Task to complete ::
Copy the entries below word for word, minus the pictures.

Materials provided ::
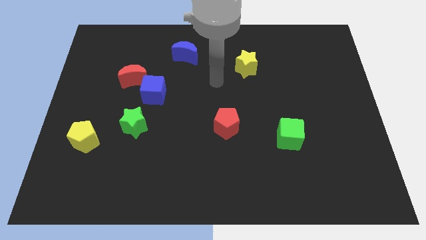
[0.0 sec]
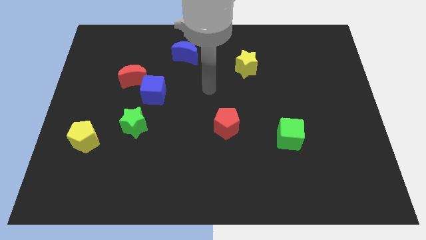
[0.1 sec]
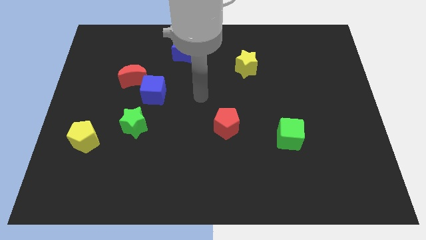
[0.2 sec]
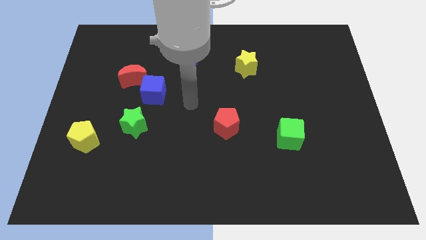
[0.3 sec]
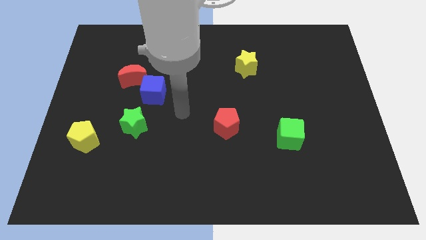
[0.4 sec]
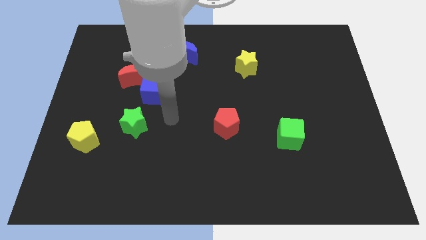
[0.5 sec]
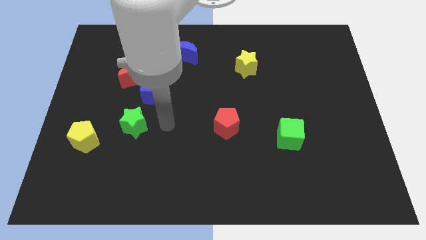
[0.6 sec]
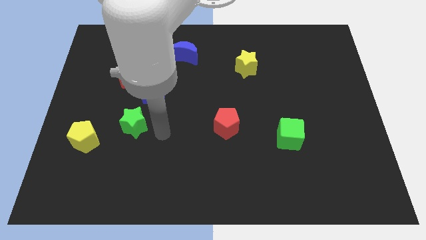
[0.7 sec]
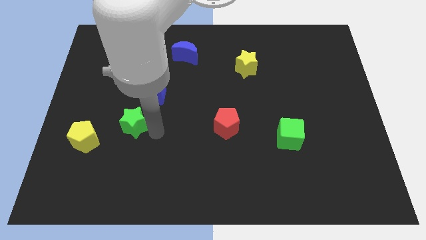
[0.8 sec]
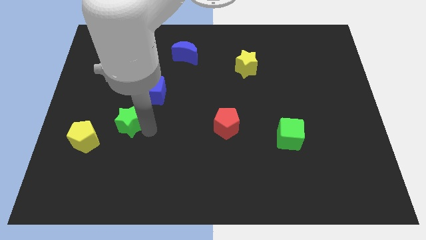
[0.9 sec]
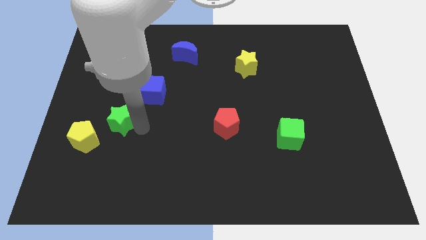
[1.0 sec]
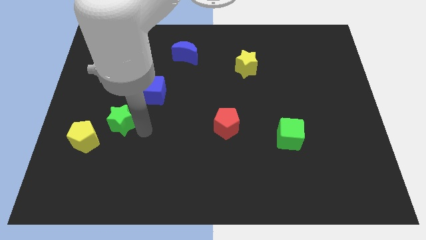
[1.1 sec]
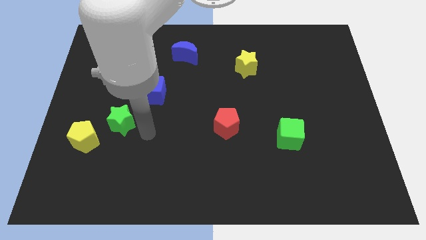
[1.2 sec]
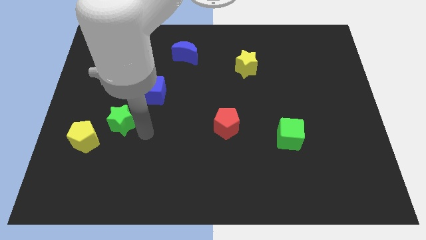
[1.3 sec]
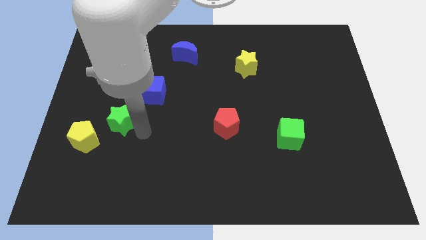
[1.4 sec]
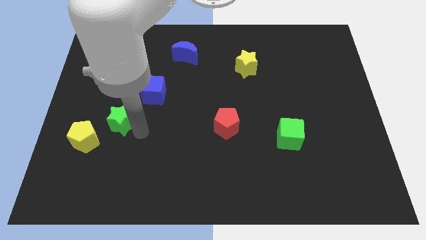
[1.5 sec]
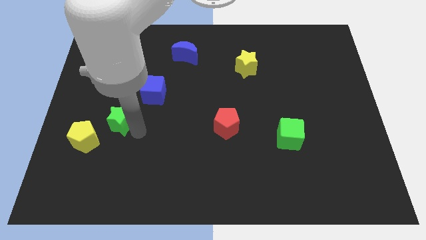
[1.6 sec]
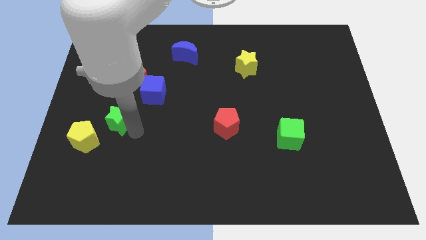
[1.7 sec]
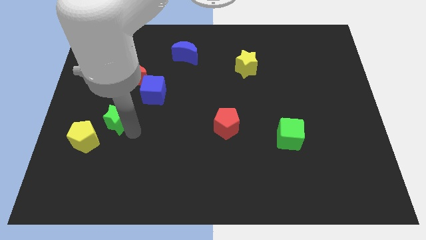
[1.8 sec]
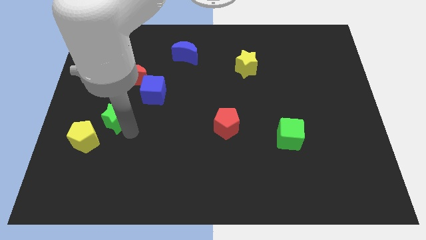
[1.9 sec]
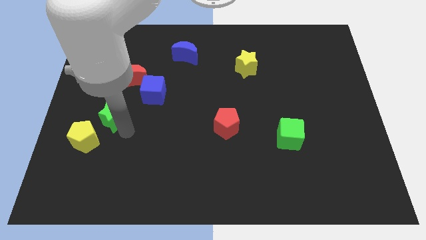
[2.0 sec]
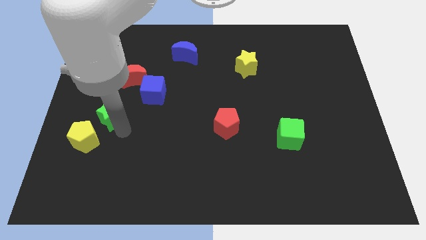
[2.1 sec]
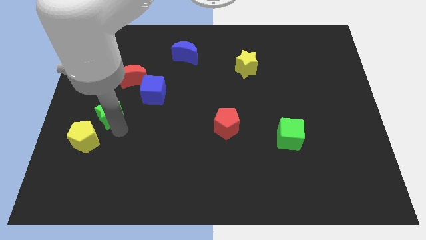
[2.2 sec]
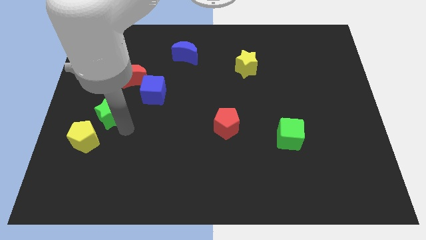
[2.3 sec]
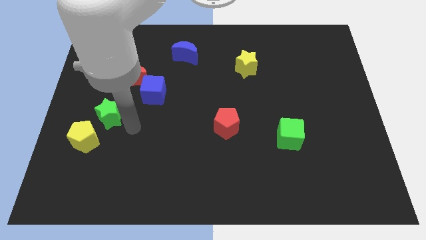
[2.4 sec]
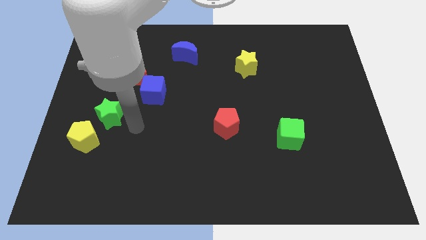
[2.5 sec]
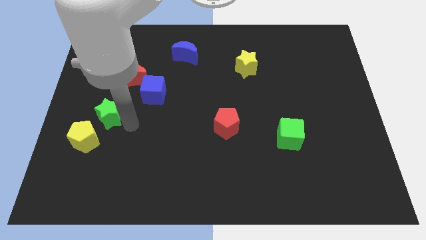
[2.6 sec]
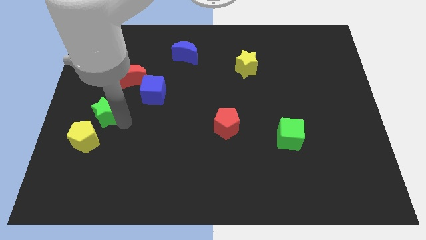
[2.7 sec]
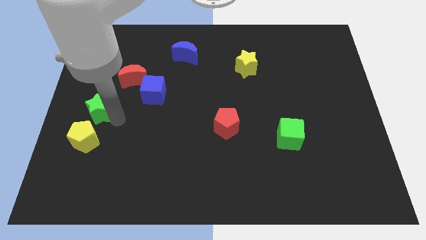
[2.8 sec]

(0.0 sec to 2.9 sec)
move the green star to the left side of the board

Worked solution ::
[0.0 sec]
[0.1 sec]
[0.2 sec]
[0.3 sec]
[0.4 sec]
[0.5 sec]
[0.6 sec]
[0.7 sec]
[0.8 sec]
[0.9 sec]
[1.0 sec]
[1.1 sec]
[1.2 sec]
[1.3 sec]
[1.4 sec]
[1.5 sec]
[1.6 sec]
[1.7 sec]
[1.8 sec]
[1.9 sec]
[2.0 sec]
[2.1 sec]
[2.2 sec]
[2.3 sec]
[2.4 sec]
[2.5 sec]
[2.6 sec]
[2.7 sec]
[2.8 sec]

(0.0 sec to 2.9 sec)
move the green star to the left side of the board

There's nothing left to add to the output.